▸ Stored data

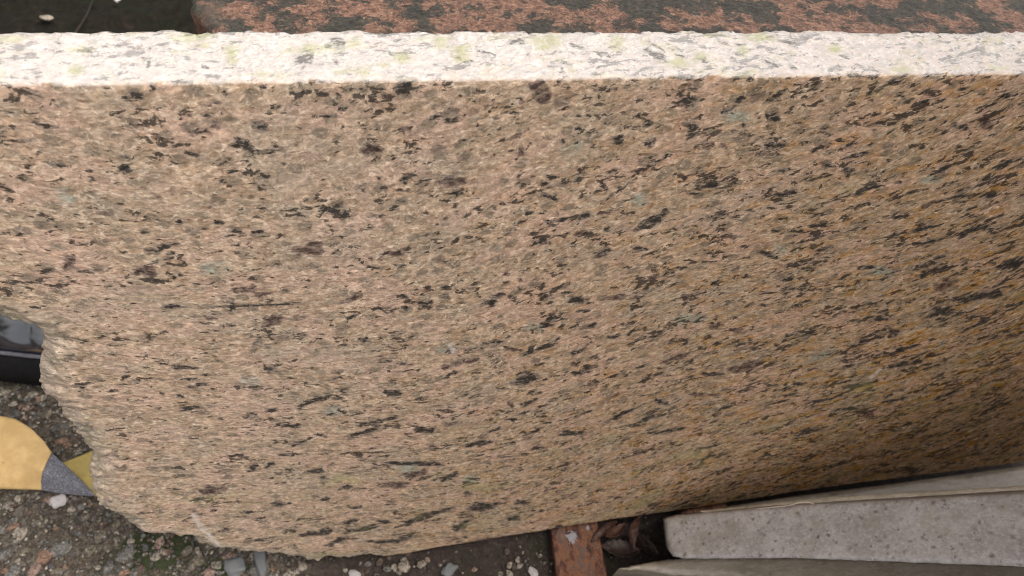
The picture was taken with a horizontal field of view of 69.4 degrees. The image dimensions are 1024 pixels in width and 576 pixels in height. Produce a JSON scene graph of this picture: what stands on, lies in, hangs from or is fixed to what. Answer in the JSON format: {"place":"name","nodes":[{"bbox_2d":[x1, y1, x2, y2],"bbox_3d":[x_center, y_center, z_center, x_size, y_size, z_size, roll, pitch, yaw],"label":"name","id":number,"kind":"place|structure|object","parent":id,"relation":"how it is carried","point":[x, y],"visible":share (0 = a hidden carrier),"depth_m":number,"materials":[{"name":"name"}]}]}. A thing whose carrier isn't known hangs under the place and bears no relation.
{"place":"outdoors","nodes":[
{"label":"outdoors","id":0,"kind":"place"},
{"bbox_2d":[0,416,97,496],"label":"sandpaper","id":1,"kind":"object","parent":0,"point":[25,452],"visible":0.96,"depth_m":0.48,"materials":[{"name":"yellow paper"}]},
{"bbox_2d":[0,0,196,34],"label":"dark soil","id":2,"kind":"structure","parent":0,"point":[121,16],"depth_m":0.77,"materials":[{"name":"black soil"}]},
{"bbox_2d":[39,15,53,20],"bbox_3d":[-0.470,-0.273,0.747,0.012,0.005,0.009,-28,63,-24],"label":"soil chip","id":3,"kind":"object","parent":2,"relation":"on","point":[47,17],"visible":1,"depth_m":0.74,"materials":[{"name":"stone"}]},
{"bbox_2d":[74,0,92,32],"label":"twig","id":4,"kind":"object","parent":2,"relation":"on","point":[80,24],"visible":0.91,"depth_m":0.75,"materials":[{"name":"grey wood"}]},
{"bbox_2d":[0,382,1023,575],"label":"gravel ground","id":5,"kind":"structure","parent":0,"point":[77,535],"depth_m":0.48,"materials":[{"name":"grey gravel"}]},
{"bbox_2d":[0,314,43,385],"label":"boot","id":6,"kind":"object","parent":5,"relation":"on","point":[21,348],"visible":0.26,"depth_m":0.51,"materials":[{"name":"black leather"}]},
{"bbox_2d":[49,494,68,508],"bbox_3d":[-0.296,0.139,0.482,0.011,0.005,0.010,-13,59,-28],"label":"white stone","id":7,"kind":"object","parent":5,"relation":"on","point":[57,501],"visible":1,"depth_m":0.48,"materials":[{"name":"white stone"}]},
{"bbox_2d":[223,557,245,575],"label":"stone chip","id":8,"kind":"object","parent":5,"relation":"on","point":[235,566],"visible":1,"depth_m":0.47,"materials":[{"name":"grey stone"}]},
{"bbox_2d":[254,551,266,575],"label":"stone splinter","id":9,"kind":"object","parent":5,"relation":"on","point":[260,561],"visible":0.66,"depth_m":0.47,"materials":[{"name":"grey stone"}]},
{"bbox_2d":[348,569,360,575],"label":"stone chip","id":10,"kind":"object","parent":5,"relation":"on","point":[353,572],"visible":1,"depth_m":0.48,"materials":[{"name":"white stone"}]},
{"bbox_2d":[398,560,410,572],"bbox_3d":[-0.070,0.183,0.484,0.008,0.005,0.008,-13,50,-28],"label":"stone chip","id":11,"kind":"object","parent":5,"relation":"on","point":[404,566],"visible":1,"depth_m":0.48,"materials":[{"name":"beige stone"}]},
{"bbox_2d":[416,560,426,568],"bbox_3d":[-0.060,0.182,0.487,0.007,0.003,0.006,-20,52,-16],"label":"stone chip","id":12,"kind":"object","parent":5,"relation":"on","point":[421,564],"visible":1,"depth_m":0.49,"materials":[{"name":"beige stone"}]},
{"bbox_2d":[441,562,457,575],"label":"stone chip","id":13,"kind":"object","parent":5,"relation":"on","point":[449,568],"visible":1,"depth_m":0.48,"materials":[{"name":"grey stone"}]},
{"bbox_2d":[0,30,1023,560],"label":"granite slab","id":14,"kind":"object","parent":5,"relation":"on","point":[318,296],"depth_m":0.30,"materials":[{"name":"beige stone"}]},
{"bbox_2d":[528,566,537,575],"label":"stone chip","id":15,"kind":"object","parent":5,"relation":"on","point":[532,571],"visible":1,"depth_m":0.49,"materials":[{"name":"white stone"}]},
{"bbox_2d":[548,522,606,575],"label":"steel bar","id":16,"kind":"object","parent":5,"relation":"on","point":[575,551],"visible":0.64,"depth_m":0.49,"materials":[{"name":"brown metal"}]},
{"bbox_2d":[591,521,616,542],"bbox_3d":[0.062,0.164,0.500,0.023,0.008,0.005,-42,86,5],"label":"dry leaf","id":17,"kind":"object","parent":16,"relation":"on","point":[603,530],"visible":1,"depth_m":0.50,"materials":[{"name":"brown plant"}]},
{"bbox_2d":[190,0,1023,34],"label":"granite slab","id":18,"kind":"object","parent":5,"relation":"on","point":[664,16],"depth_m":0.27,"materials":[{"name":"brown stone"}]},
{"bbox_2d":[605,522,626,537],"bbox_3d":[0.070,0.166,0.502,0.008,0.006,0.025,32,27,34],"label":"dry leaf","id":19,"kind":"object","parent":5,"relation":"on","point":[616,531],"visible":1,"depth_m":0.51,"materials":[{"name":"brown plant"}]},
{"bbox_2d":[602,539,641,557],"bbox_3d":[0.074,0.178,0.502,0.028,0.005,0.015,9,37,-8],"label":"dry leaf","id":20,"kind":"object","parent":5,"relation":"on","point":[621,548],"visible":1,"depth_m":0.50,"materials":[{"name":"brown plant"}]},
{"bbox_2d":[629,516,640,548],"bbox_3d":[0.083,0.164,0.501,0.008,0.024,0.007,-1,15,-29],"label":"dry leaf","id":21,"kind":"object","parent":20,"relation":"on","point":[633,531],"visible":1,"depth_m":0.50,"materials":[{"name":"brown plant"}]},
{"bbox_2d":[636,532,658,555],"bbox_3d":[0.092,0.175,0.506,0.012,0.006,0.022,-35,66,-27],"label":"dry leaf","id":22,"kind":"object","parent":5,"relation":"on","point":[645,544],"visible":1,"depth_m":0.51,"materials":[{"name":"brown plant"}]},
{"bbox_2d":[676,503,726,513],"bbox_3d":[0.134,0.157,0.523,0.036,0.014,0.030,2,55,-6],"label":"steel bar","id":23,"kind":"object","parent":5,"relation":"on","point":[698,509],"visible":0.23,"depth_m":0.52,"materials":[{"name":"brown metal"}]},
{"bbox_2d":[613,558,1023,575],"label":"stone slab","id":24,"kind":"object","parent":5,"relation":"on","point":[754,567],"depth_m":0.48,"materials":[{"name":"grey stone"}]},
{"bbox_2d":[663,490,1023,566],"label":"stone slab","id":25,"kind":"object","parent":24,"relation":"on","point":[983,528],"depth_m":0.40,"materials":[{"name":"grey stone"}]},
{"bbox_2d":[757,502,813,508],"bbox_3d":[0.155,0.131,0.438,0.031,0.035,0.010,-4,56,-10],"label":"dry fibre","id":26,"kind":"object","parent":25,"relation":"on","point":[783,506],"visible":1,"depth_m":0.43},
{"bbox_2d":[698,486,1023,512],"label":"stone slab","id":27,"kind":"object","parent":5,"relation":"on","point":[899,495],"depth_m":0.50,"materials":[{"name":"grey stone"}]},
{"bbox_2d":[723,465,1023,507],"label":"stone slab","id":28,"kind":"object","parent":5,"relation":"on","point":[1008,477],"depth_m":0.55,"materials":[{"name":"grey stone"}]}
]}

▸ What is required
Drop the pictures and set down the data above exactly.

▸ Answer to the exercise
The picture was taken with a horizontal field of view of 69.4 degrees. The image dimensions are 1024 pixels in width and 576 pixels in height. Produce a JSON scene graph of this picture: what stands on, lies in, hangs from or is fixed to what. Answer in the JSON format: {"place":"name","nodes":[{"bbox_2d":[x1, y1, x2, y2],"bbox_3d":[x_center, y_center, z_center, x_size, y_size, z_size, roll, pitch, yaw],"label":"name","id":number,"kind":"place|structure|object","parent":id,"relation":"how it is carried","point":[x, y],"visible":share (0 = a hidden carrier),"depth_m":number,"materials":[{"name":"name"}]}]}. A thing whose carrier isn't known hangs under the place and bears no relation.
{"place":"outdoors","nodes":[
{"label":"outdoors","id":0,"kind":"place"},
{"bbox_2d":[0,416,97,496],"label":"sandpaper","id":1,"kind":"object","parent":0,"point":[25,452],"visible":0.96,"depth_m":0.48,"materials":[{"name":"yellow paper"}]},
{"bbox_2d":[0,0,196,34],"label":"dark soil","id":2,"kind":"structure","parent":0,"point":[121,16],"depth_m":0.77,"materials":[{"name":"black soil"}]},
{"bbox_2d":[39,15,53,20],"bbox_3d":[-0.470,-0.273,0.747,0.012,0.005,0.009,-28,63,-24],"label":"soil chip","id":3,"kind":"object","parent":2,"relation":"on","point":[47,17],"visible":1,"depth_m":0.74,"materials":[{"name":"stone"}]},
{"bbox_2d":[74,0,92,32],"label":"twig","id":4,"kind":"object","parent":2,"relation":"on","point":[80,24],"visible":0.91,"depth_m":0.75,"materials":[{"name":"grey wood"}]},
{"bbox_2d":[0,382,1023,575],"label":"gravel ground","id":5,"kind":"structure","parent":0,"point":[77,535],"depth_m":0.48,"materials":[{"name":"grey gravel"}]},
{"bbox_2d":[0,314,43,385],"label":"boot","id":6,"kind":"object","parent":5,"relation":"on","point":[21,348],"visible":0.26,"depth_m":0.51,"materials":[{"name":"black leather"}]},
{"bbox_2d":[49,494,68,508],"bbox_3d":[-0.296,0.139,0.482,0.011,0.005,0.010,-13,59,-28],"label":"white stone","id":7,"kind":"object","parent":5,"relation":"on","point":[57,501],"visible":1,"depth_m":0.48,"materials":[{"name":"white stone"}]},
{"bbox_2d":[223,557,245,575],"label":"stone chip","id":8,"kind":"object","parent":5,"relation":"on","point":[235,566],"visible":1,"depth_m":0.47,"materials":[{"name":"grey stone"}]},
{"bbox_2d":[254,551,266,575],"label":"stone splinter","id":9,"kind":"object","parent":5,"relation":"on","point":[260,561],"visible":0.66,"depth_m":0.47,"materials":[{"name":"grey stone"}]},
{"bbox_2d":[348,569,360,575],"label":"stone chip","id":10,"kind":"object","parent":5,"relation":"on","point":[353,572],"visible":1,"depth_m":0.48,"materials":[{"name":"white stone"}]},
{"bbox_2d":[398,560,410,572],"bbox_3d":[-0.070,0.183,0.484,0.008,0.005,0.008,-13,50,-28],"label":"stone chip","id":11,"kind":"object","parent":5,"relation":"on","point":[404,566],"visible":1,"depth_m":0.48,"materials":[{"name":"beige stone"}]},
{"bbox_2d":[416,560,426,568],"bbox_3d":[-0.060,0.182,0.487,0.007,0.003,0.006,-20,52,-16],"label":"stone chip","id":12,"kind":"object","parent":5,"relation":"on","point":[421,564],"visible":1,"depth_m":0.49,"materials":[{"name":"beige stone"}]},
{"bbox_2d":[441,562,457,575],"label":"stone chip","id":13,"kind":"object","parent":5,"relation":"on","point":[449,568],"visible":1,"depth_m":0.48,"materials":[{"name":"grey stone"}]},
{"bbox_2d":[0,30,1023,560],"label":"granite slab","id":14,"kind":"object","parent":5,"relation":"on","point":[318,296],"depth_m":0.30,"materials":[{"name":"beige stone"}]},
{"bbox_2d":[528,566,537,575],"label":"stone chip","id":15,"kind":"object","parent":5,"relation":"on","point":[532,571],"visible":1,"depth_m":0.49,"materials":[{"name":"white stone"}]},
{"bbox_2d":[548,522,606,575],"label":"steel bar","id":16,"kind":"object","parent":5,"relation":"on","point":[575,551],"visible":0.64,"depth_m":0.49,"materials":[{"name":"brown metal"}]},
{"bbox_2d":[591,521,616,542],"bbox_3d":[0.062,0.164,0.500,0.023,0.008,0.005,-42,86,5],"label":"dry leaf","id":17,"kind":"object","parent":16,"relation":"on","point":[603,530],"visible":1,"depth_m":0.50,"materials":[{"name":"brown plant"}]},
{"bbox_2d":[190,0,1023,34],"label":"granite slab","id":18,"kind":"object","parent":5,"relation":"on","point":[664,16],"depth_m":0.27,"materials":[{"name":"brown stone"}]},
{"bbox_2d":[605,522,626,537],"bbox_3d":[0.070,0.166,0.502,0.008,0.006,0.025,32,27,34],"label":"dry leaf","id":19,"kind":"object","parent":5,"relation":"on","point":[616,531],"visible":1,"depth_m":0.51,"materials":[{"name":"brown plant"}]},
{"bbox_2d":[602,539,641,557],"bbox_3d":[0.074,0.178,0.502,0.028,0.005,0.015,9,37,-8],"label":"dry leaf","id":20,"kind":"object","parent":5,"relation":"on","point":[621,548],"visible":1,"depth_m":0.50,"materials":[{"name":"brown plant"}]},
{"bbox_2d":[629,516,640,548],"bbox_3d":[0.083,0.164,0.501,0.008,0.024,0.007,-1,15,-29],"label":"dry leaf","id":21,"kind":"object","parent":20,"relation":"on","point":[633,531],"visible":1,"depth_m":0.50,"materials":[{"name":"brown plant"}]},
{"bbox_2d":[636,532,658,555],"bbox_3d":[0.092,0.175,0.506,0.012,0.006,0.022,-35,66,-27],"label":"dry leaf","id":22,"kind":"object","parent":5,"relation":"on","point":[645,544],"visible":1,"depth_m":0.51,"materials":[{"name":"brown plant"}]},
{"bbox_2d":[676,503,726,513],"bbox_3d":[0.134,0.157,0.523,0.036,0.014,0.030,2,55,-6],"label":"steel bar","id":23,"kind":"object","parent":5,"relation":"on","point":[698,509],"visible":0.23,"depth_m":0.52,"materials":[{"name":"brown metal"}]},
{"bbox_2d":[613,558,1023,575],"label":"stone slab","id":24,"kind":"object","parent":5,"relation":"on","point":[754,567],"depth_m":0.48,"materials":[{"name":"grey stone"}]},
{"bbox_2d":[663,490,1023,566],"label":"stone slab","id":25,"kind":"object","parent":24,"relation":"on","point":[983,528],"depth_m":0.40,"materials":[{"name":"grey stone"}]},
{"bbox_2d":[757,502,813,508],"bbox_3d":[0.155,0.131,0.438,0.031,0.035,0.010,-4,56,-10],"label":"dry fibre","id":26,"kind":"object","parent":25,"relation":"on","point":[783,506],"visible":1,"depth_m":0.43},
{"bbox_2d":[698,486,1023,512],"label":"stone slab","id":27,"kind":"object","parent":5,"relation":"on","point":[899,495],"depth_m":0.50,"materials":[{"name":"grey stone"}]},
{"bbox_2d":[723,465,1023,507],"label":"stone slab","id":28,"kind":"object","parent":5,"relation":"on","point":[1008,477],"depth_m":0.55,"materials":[{"name":"grey stone"}]}
]}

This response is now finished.